WHAT TO DO: The answer must consist of every line in the records that contains the word "Elmer".

┌──

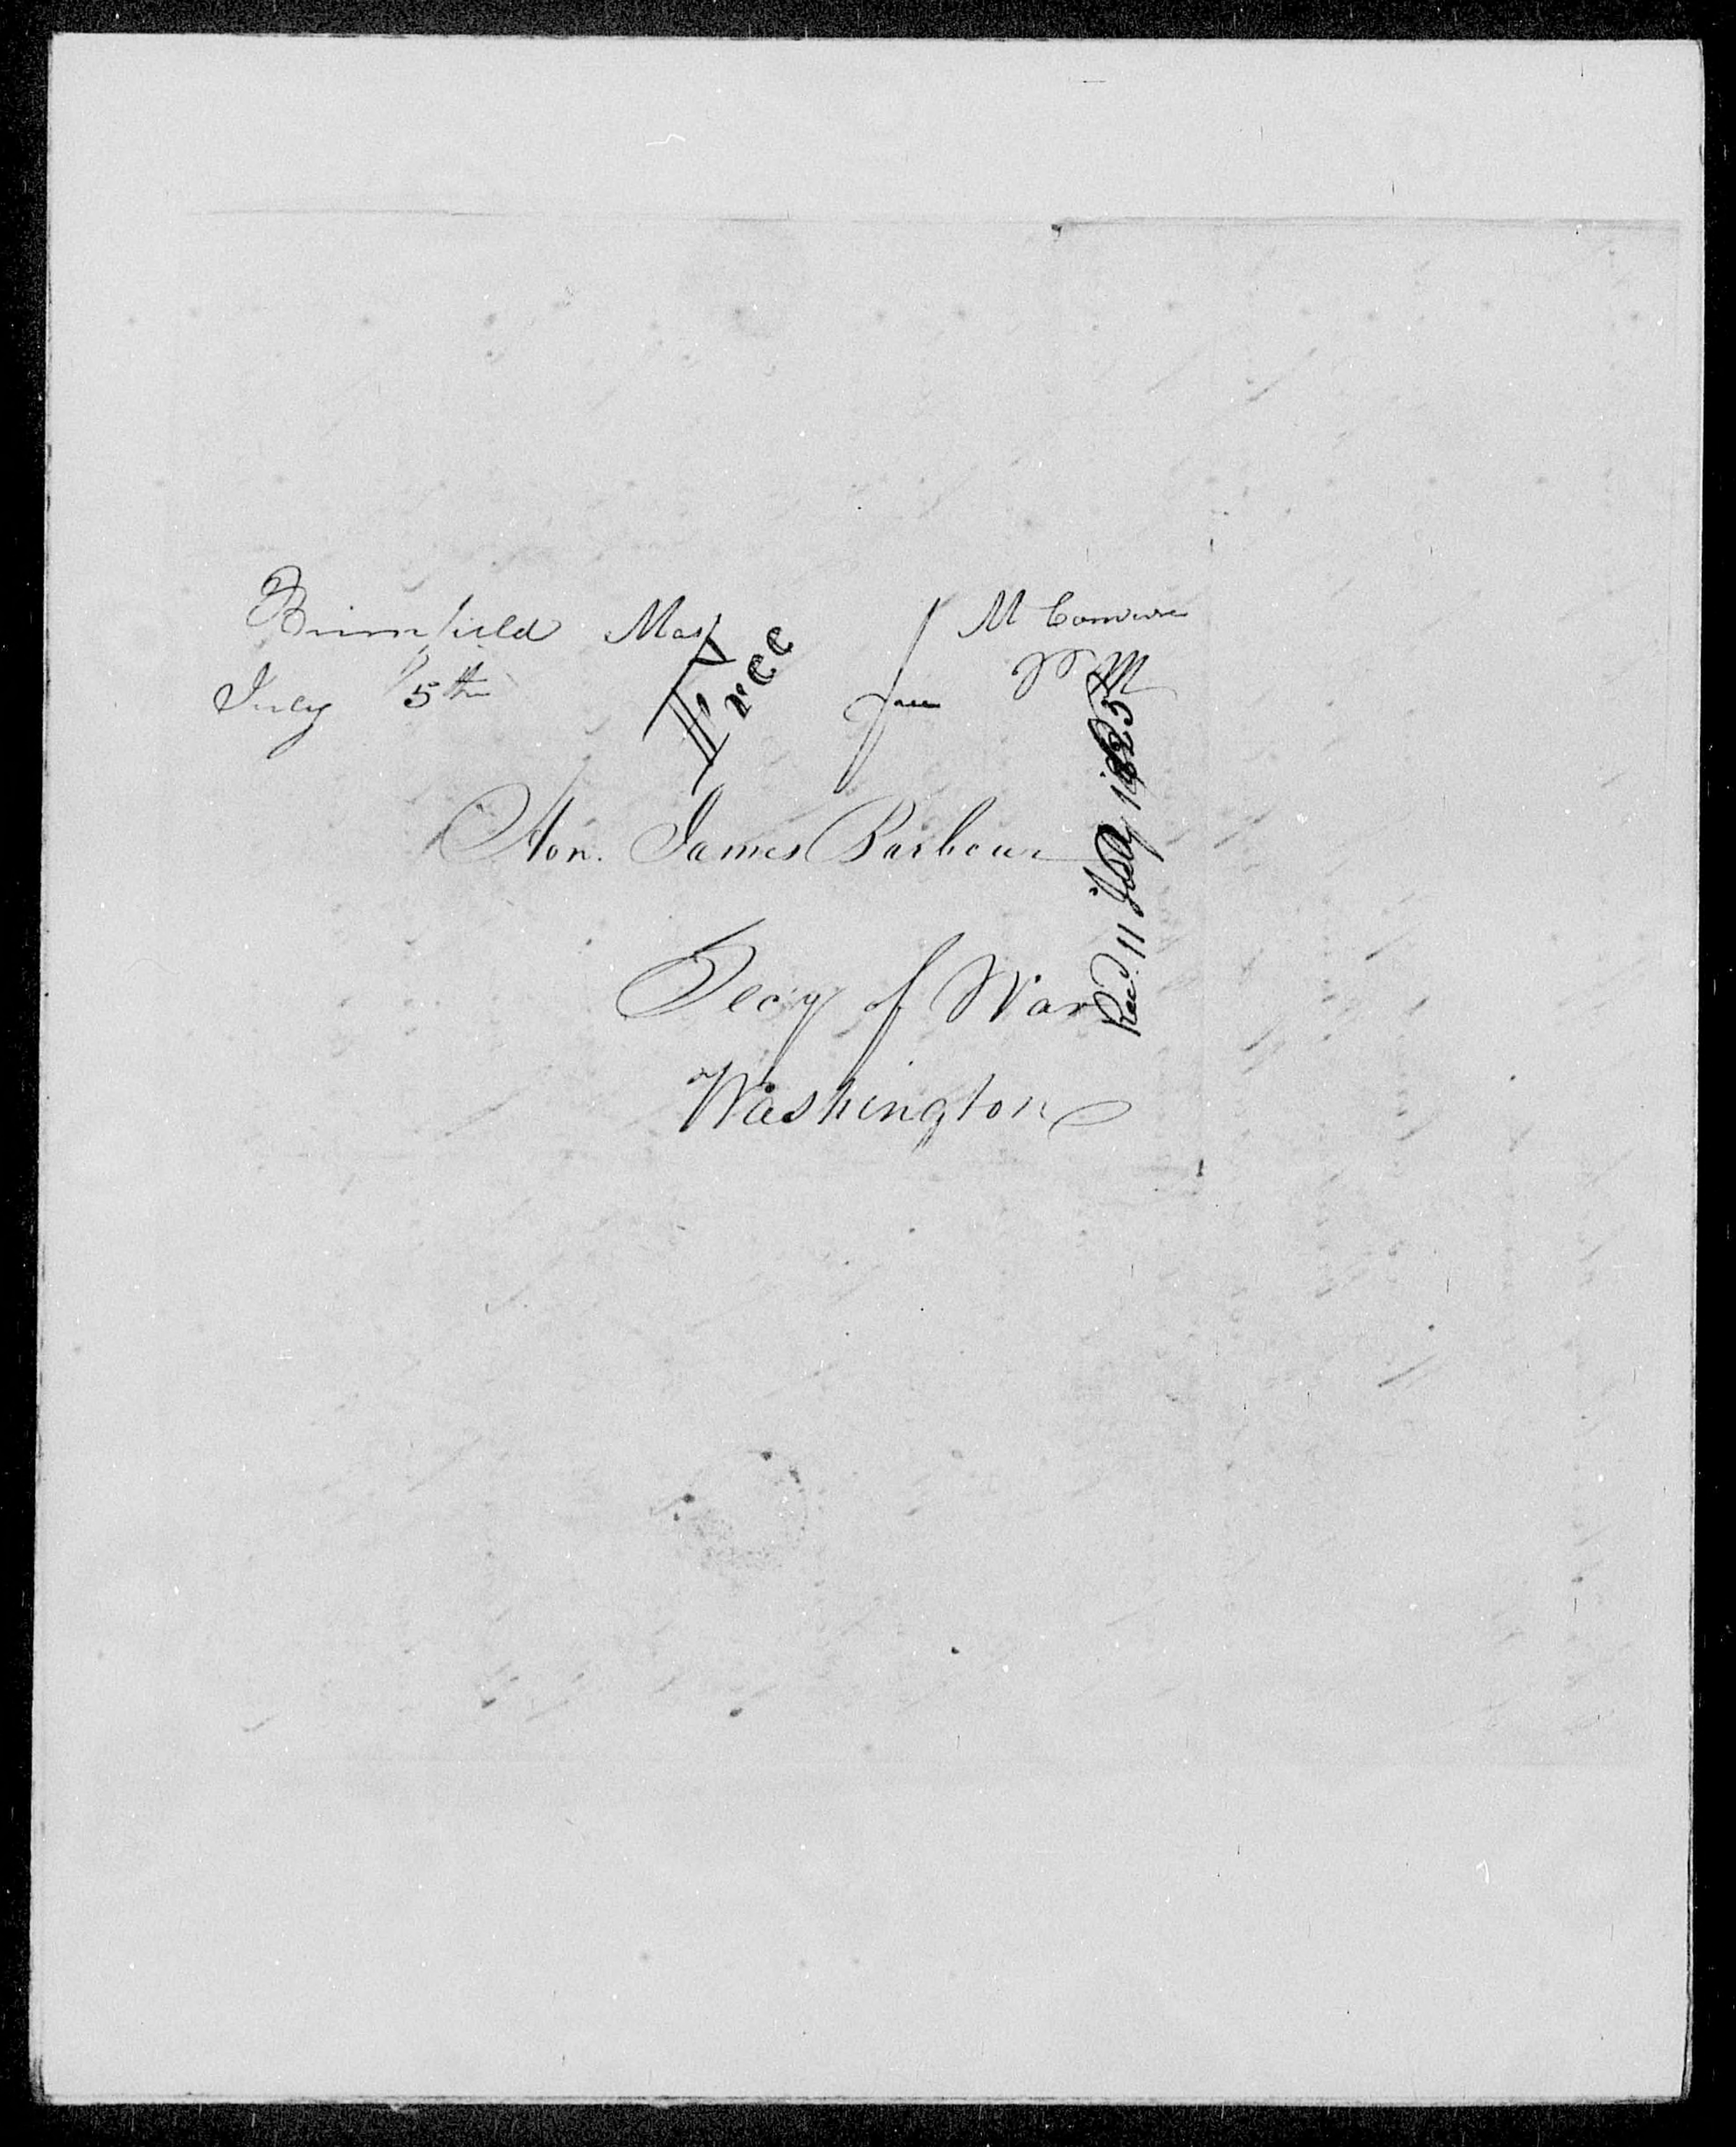Brimfield Mass
July 5th

FREE

Hon. James Barbour
Secy of War
Washington

Recd 11 July 1825

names: James Barbour
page: 26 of 31
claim: survivor's
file: S. 34,839, Thomas Fay, Mass.
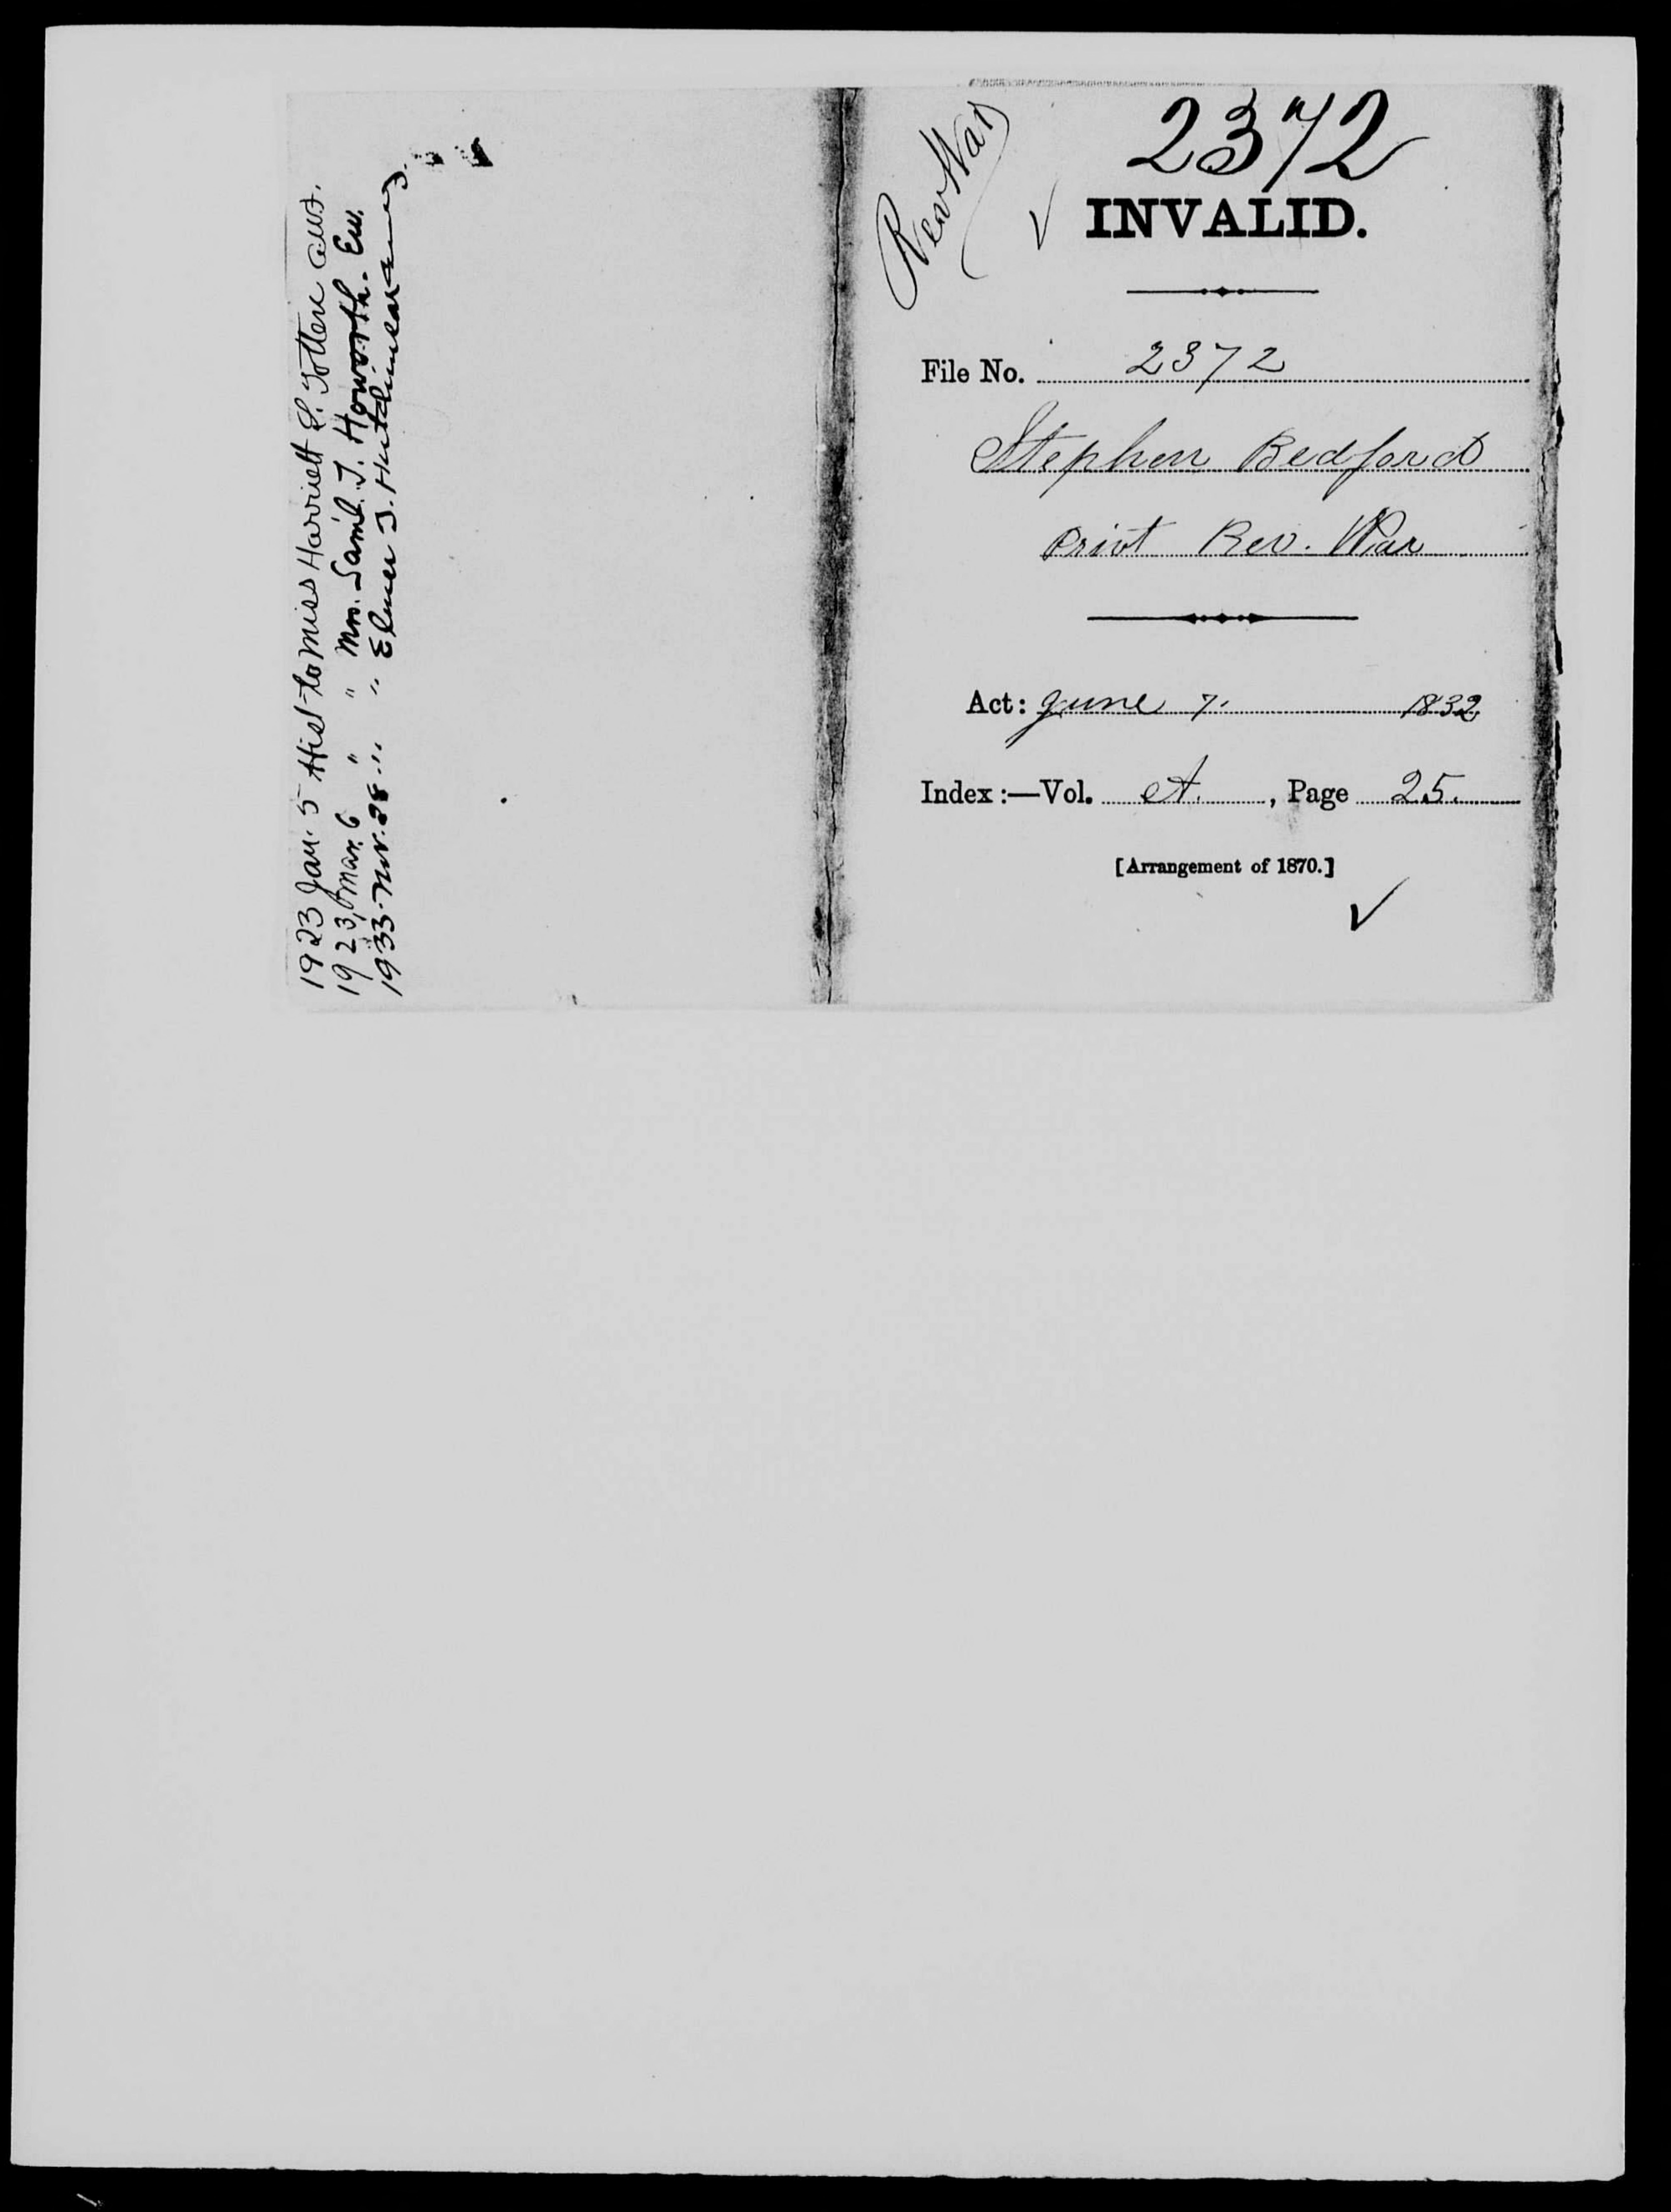2372
Rev War
INVALID
File No. 2372
Stephen Bedford
Privt Rev War

Act: June 7 1832
Index: - Vol. A, Page 25
[Arrangement of 1870]

[on side]

1923 Jan 5 Hist to Miss Harriet L. Totten  AWF
1923 Mar 6  "  Mrs Saml T Howorth  Ew.
1933 Nov 28  "  Elmer T Hutchinson

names: Saml T Howorth, Harriett L Totten, Stephen Bedford, Elmer T Hutchinson
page: 18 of 31
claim: survivor's
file: S. 2372, Stephen Bedford, New Jersey

└──

ANSWER AREA:
1933 Nov 28  "  Elmer T Hutchinson
names: Saml T Howorth, Harriett L Totten, Stephen Bedford, Elmer T Hutchinson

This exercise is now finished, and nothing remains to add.